▶ _EXERCISE_: Using the listing below, print the line containing "#409=DIRECTION('',(0.,-1.,0.));", the line containing "#745 = FACE_BOUND ( 'NONE', #9240, .T. ) ;", and each line between them, exactly and nothing else. Pictures stay out of the print.

▶ _RECORD EXTRACTS_:
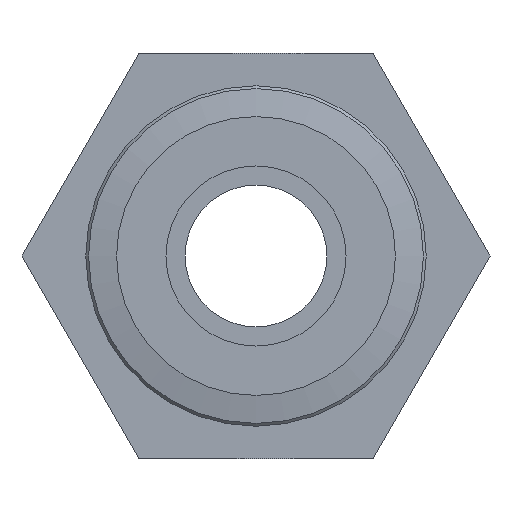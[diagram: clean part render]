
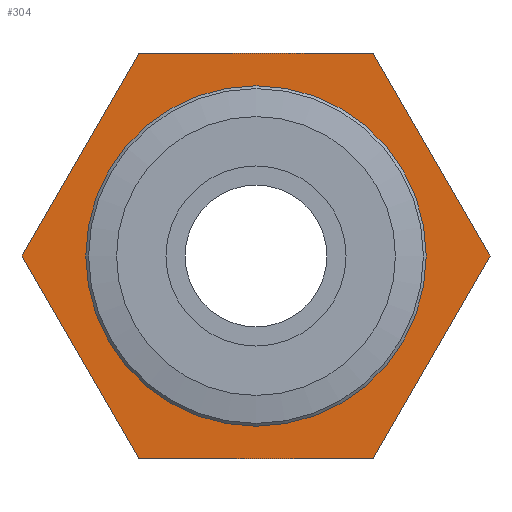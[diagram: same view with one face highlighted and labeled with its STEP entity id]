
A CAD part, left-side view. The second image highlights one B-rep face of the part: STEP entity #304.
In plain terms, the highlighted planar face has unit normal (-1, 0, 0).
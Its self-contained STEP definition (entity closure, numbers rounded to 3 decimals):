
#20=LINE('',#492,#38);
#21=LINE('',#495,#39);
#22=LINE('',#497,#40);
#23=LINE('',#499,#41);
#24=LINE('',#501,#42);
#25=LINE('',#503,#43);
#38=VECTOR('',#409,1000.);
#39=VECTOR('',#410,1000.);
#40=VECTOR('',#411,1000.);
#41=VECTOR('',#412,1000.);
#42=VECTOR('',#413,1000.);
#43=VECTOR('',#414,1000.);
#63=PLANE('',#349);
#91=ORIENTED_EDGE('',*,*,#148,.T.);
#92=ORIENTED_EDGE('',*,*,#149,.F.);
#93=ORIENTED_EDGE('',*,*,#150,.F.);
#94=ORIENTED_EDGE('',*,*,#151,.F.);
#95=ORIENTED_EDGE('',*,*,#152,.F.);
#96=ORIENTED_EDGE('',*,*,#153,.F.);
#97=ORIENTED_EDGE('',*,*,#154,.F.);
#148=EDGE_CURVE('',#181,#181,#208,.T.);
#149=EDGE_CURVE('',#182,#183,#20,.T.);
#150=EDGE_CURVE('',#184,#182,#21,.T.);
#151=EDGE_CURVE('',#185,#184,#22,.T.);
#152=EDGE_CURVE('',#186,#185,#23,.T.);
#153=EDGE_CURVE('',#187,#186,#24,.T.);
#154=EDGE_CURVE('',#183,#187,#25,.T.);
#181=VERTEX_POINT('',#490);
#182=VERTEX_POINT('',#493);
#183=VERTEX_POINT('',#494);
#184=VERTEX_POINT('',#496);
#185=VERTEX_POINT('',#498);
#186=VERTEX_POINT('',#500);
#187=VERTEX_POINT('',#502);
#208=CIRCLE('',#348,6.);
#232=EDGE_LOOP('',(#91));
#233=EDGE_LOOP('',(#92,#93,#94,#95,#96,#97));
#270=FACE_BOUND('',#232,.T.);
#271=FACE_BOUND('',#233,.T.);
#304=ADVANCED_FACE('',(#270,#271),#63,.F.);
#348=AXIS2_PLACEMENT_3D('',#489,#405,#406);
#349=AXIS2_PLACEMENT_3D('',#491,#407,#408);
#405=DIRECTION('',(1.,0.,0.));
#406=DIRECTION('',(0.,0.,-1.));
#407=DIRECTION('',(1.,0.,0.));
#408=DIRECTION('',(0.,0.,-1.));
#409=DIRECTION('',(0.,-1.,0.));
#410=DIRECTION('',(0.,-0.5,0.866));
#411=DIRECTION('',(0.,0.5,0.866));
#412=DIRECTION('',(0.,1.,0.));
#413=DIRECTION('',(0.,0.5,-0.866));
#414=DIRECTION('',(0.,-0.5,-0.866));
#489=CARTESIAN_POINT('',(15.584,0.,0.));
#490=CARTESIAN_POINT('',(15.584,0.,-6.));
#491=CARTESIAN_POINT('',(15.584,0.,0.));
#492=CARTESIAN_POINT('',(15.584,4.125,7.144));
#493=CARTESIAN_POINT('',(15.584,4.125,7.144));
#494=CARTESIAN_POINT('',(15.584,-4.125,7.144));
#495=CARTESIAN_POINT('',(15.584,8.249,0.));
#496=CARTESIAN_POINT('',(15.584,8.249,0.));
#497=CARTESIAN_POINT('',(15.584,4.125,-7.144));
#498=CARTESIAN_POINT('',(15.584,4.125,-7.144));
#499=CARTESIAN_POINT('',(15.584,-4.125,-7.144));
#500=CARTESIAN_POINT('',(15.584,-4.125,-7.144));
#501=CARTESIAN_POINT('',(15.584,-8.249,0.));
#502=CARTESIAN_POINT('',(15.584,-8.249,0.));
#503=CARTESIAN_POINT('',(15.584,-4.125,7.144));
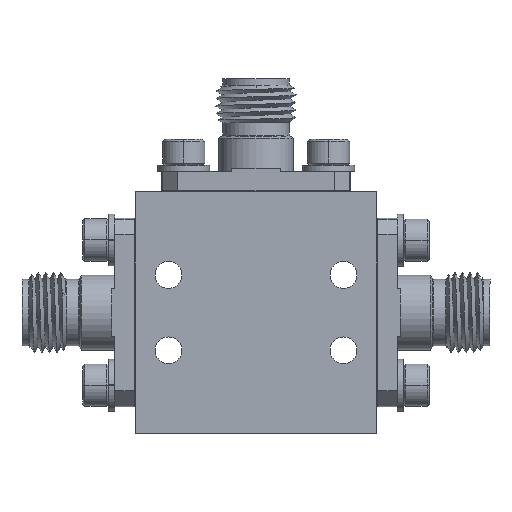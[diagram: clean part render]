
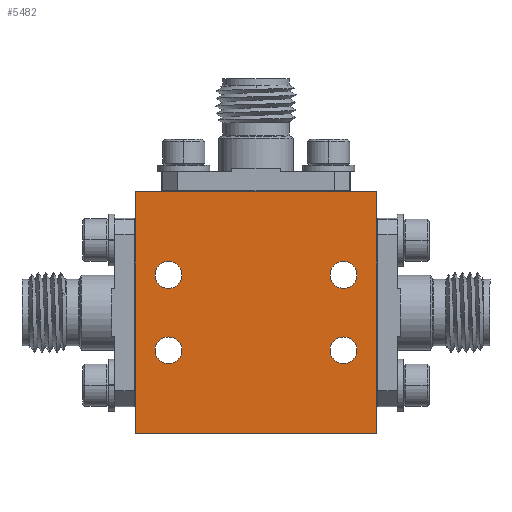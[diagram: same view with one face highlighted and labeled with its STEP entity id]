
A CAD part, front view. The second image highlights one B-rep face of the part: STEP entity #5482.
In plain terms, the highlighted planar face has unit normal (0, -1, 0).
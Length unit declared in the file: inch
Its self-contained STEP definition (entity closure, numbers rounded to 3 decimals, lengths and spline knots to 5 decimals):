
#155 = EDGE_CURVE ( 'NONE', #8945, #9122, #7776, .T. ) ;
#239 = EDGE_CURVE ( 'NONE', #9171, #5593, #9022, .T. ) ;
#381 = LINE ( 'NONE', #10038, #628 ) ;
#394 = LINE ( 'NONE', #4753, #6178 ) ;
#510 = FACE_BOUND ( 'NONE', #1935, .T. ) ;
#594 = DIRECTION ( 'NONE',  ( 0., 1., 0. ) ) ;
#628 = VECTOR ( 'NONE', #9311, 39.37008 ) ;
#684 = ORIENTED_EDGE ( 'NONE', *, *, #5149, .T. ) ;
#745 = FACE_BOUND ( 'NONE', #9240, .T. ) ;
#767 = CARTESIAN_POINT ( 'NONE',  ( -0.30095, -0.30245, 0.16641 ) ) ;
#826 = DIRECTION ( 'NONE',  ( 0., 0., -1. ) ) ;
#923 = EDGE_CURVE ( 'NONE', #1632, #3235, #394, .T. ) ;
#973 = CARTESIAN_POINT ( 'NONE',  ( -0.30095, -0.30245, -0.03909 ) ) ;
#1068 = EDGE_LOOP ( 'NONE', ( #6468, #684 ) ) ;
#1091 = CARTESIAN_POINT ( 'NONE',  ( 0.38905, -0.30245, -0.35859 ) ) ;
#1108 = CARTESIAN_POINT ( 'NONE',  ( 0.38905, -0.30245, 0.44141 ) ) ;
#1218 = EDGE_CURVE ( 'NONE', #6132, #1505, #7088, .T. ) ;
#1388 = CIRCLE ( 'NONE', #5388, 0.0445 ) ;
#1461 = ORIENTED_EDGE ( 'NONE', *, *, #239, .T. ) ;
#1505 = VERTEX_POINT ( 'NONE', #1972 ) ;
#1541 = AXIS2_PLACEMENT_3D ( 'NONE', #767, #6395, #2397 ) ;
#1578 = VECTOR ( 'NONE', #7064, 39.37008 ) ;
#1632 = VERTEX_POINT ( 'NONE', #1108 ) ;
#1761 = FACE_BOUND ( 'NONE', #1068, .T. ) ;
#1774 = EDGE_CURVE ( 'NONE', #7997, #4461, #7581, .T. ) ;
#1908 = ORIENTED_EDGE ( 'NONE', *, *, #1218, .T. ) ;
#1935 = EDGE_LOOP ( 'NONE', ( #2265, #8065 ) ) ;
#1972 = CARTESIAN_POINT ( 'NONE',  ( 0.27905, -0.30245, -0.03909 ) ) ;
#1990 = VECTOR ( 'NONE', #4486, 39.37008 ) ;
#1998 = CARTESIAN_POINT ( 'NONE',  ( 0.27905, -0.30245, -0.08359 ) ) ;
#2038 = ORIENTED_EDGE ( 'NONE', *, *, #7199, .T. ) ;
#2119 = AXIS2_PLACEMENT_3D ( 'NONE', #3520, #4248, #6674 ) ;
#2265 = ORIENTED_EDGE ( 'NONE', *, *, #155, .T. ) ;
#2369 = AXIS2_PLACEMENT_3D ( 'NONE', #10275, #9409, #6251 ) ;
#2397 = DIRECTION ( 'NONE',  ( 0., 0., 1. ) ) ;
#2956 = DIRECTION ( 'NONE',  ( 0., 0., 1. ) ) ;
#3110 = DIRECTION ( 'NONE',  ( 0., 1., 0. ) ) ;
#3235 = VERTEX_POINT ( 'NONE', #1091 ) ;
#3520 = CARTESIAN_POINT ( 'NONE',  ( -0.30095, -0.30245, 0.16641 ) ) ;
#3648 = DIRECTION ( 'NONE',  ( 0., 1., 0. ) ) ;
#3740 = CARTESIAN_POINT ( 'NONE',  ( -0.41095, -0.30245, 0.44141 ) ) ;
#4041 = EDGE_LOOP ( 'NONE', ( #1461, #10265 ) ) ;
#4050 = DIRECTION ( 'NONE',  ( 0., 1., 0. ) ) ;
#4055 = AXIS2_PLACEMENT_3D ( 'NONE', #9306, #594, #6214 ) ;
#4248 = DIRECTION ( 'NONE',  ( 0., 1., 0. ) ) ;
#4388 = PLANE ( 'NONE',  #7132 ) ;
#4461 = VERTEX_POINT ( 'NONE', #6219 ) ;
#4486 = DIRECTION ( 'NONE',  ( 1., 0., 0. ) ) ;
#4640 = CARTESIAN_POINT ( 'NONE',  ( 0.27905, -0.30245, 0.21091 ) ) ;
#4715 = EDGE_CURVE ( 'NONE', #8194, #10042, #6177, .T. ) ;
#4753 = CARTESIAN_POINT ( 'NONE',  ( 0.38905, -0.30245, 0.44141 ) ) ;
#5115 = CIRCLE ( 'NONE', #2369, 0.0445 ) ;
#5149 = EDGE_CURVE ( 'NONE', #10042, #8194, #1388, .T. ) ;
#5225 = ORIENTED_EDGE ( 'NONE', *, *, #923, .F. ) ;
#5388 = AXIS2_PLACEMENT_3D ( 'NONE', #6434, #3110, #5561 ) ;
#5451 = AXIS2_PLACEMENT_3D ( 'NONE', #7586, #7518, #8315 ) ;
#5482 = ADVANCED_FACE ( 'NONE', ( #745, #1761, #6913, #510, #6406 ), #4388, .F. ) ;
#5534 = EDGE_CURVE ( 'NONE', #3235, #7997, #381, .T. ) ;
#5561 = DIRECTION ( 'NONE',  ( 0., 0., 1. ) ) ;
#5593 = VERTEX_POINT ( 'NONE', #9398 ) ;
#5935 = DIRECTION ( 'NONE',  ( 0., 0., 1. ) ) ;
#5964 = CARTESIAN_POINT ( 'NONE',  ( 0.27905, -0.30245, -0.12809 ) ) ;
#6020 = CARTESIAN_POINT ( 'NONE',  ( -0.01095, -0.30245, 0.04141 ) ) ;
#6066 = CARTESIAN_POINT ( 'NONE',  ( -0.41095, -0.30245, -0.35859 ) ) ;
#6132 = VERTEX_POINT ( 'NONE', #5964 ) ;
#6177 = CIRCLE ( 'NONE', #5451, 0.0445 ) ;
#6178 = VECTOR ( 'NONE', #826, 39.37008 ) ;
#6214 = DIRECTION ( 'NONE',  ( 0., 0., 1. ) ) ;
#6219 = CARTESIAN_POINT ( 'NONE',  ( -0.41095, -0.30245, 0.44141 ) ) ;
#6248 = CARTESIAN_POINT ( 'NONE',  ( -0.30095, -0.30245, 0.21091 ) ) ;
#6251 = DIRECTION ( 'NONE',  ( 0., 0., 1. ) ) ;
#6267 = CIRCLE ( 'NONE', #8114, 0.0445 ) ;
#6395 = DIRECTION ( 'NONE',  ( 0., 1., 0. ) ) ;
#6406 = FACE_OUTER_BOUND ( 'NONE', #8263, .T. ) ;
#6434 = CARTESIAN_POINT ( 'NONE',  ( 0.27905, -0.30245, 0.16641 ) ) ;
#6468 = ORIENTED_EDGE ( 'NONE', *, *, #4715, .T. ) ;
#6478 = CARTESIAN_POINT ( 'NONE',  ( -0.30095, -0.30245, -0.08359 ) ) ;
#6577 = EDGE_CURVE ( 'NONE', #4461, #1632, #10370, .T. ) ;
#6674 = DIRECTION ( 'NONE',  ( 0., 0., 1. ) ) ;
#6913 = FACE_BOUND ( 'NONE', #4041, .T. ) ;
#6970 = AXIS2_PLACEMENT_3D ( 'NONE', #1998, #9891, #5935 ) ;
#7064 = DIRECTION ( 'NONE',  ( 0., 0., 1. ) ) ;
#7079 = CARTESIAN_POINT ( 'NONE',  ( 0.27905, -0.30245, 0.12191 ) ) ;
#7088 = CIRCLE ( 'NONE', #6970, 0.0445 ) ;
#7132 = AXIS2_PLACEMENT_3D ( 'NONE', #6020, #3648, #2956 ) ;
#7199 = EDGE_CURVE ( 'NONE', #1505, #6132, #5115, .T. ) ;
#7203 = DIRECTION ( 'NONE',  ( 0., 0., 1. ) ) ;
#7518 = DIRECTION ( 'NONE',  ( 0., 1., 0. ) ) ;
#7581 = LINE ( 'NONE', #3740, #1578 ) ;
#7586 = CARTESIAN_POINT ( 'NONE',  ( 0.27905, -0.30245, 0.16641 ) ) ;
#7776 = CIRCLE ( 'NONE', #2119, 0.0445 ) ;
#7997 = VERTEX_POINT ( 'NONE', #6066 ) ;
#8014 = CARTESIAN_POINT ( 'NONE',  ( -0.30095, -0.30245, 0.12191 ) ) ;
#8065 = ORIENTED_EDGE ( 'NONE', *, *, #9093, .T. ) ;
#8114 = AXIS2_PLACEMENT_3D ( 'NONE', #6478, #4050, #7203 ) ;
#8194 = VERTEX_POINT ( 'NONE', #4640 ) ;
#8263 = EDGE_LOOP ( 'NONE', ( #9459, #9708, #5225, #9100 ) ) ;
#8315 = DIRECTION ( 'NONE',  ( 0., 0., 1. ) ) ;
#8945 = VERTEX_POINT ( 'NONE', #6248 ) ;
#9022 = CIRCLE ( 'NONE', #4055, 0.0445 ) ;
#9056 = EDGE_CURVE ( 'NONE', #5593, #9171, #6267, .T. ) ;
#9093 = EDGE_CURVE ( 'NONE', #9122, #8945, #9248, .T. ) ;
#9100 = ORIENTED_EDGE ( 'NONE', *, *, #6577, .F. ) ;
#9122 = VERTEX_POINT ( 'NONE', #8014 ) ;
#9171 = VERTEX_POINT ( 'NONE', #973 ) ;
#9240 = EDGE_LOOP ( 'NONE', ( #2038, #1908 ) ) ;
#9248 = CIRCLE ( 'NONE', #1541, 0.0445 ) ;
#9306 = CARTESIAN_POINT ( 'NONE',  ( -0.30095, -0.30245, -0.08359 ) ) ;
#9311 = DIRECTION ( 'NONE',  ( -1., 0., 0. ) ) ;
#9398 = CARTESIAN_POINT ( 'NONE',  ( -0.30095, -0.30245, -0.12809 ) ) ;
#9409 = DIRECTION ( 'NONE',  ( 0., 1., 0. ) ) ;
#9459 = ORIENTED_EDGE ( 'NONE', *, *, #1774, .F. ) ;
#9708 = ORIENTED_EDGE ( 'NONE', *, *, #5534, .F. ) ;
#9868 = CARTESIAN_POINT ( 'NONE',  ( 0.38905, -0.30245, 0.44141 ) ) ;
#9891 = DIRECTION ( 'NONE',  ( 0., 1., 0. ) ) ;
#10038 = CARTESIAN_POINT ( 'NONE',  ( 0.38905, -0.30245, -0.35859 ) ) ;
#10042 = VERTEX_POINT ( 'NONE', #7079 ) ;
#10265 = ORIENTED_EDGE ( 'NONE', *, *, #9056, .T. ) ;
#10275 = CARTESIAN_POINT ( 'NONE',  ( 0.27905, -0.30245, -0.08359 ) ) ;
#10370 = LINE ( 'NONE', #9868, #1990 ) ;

▶ _WRITTEN SOLUTION_:
#409=DIRECTION('',(0.,-1.,0.));
#410=DIRECTION('',(0.,-0.5,0.866));
#411=DIRECTION('',(0.,0.5,0.866));
#412=DIRECTION('',(0.,1.,0.));
#413=DIRECTION('',(0.,0.5,-0.866));
#414=DIRECTION('',(0.,-0.5,-0.866));
#489=CARTESIAN_POINT('',(15.584,0.,0.));
#490=CARTESIAN_POINT('',(15.584,0.,-6.));
#491=CARTESIAN_POINT('',(15.584,0.,0.));
#492=CARTESIAN_POINT('',(15.584,4.125,7.144));
#493=CARTESIAN_POINT('',(15.584,4.125,7.144));
#494=CARTESIAN_POINT('',(15.584,-4.125,7.144));
#495=CARTESIAN_POINT('',(15.584,8.249,0.));
#496=CARTESIAN_POINT('',(15.584,8.249,0.));
#497=CARTESIAN_POINT('',(15.584,4.125,-7.144));
#498=CARTESIAN_POINT('',(15.584,4.125,-7.144));
#499=CARTESIAN_POINT('',(15.584,-4.125,-7.144));
#500=CARTESIAN_POINT('',(15.584,-4.125,-7.144));
#501=CARTESIAN_POINT('',(15.584,-8.249,0.));
#502=CARTESIAN_POINT('',(15.584,-8.249,0.));
#503=CARTESIAN_POINT('',(15.584,-4.125,7.144));
[diagram: clean part render]
[diagram: same view with one face highlighted and labeled with its STEP entity id]
A CAD part, front view. The second image highlights one B-rep face of the part: STEP entity #5482.
In plain terms, the highlighted planar face has unit normal (0, -1, 0).
Length unit declared in the file: inch
Its self-contained STEP definition (entity closure, numbers rounded to 3 decimals, lengths and spline knots to 5 decimals):
#155 = EDGE_CURVE ( 'NONE', #8945, #9122, #7776, .T. ) ;
#239 = EDGE_CURVE ( 'NONE', #9171, #5593, #9022, .T. ) ;
#381 = LINE ( 'NONE', #10038, #628 ) ;
#394 = LINE ( 'NONE', #4753, #6178 ) ;
#510 = FACE_BOUND ( 'NONE', #1935, .T. ) ;
#594 = DIRECTION ( 'NONE',  ( 0., 1., 0. ) ) ;
#628 = VECTOR ( 'NONE', #9311, 39.37008 ) ;
#684 = ORIENTED_EDGE ( 'NONE', *, *, #5149, .T. ) ;
#745 = FACE_BOUND ( 'NONE', #9240, .T. ) ;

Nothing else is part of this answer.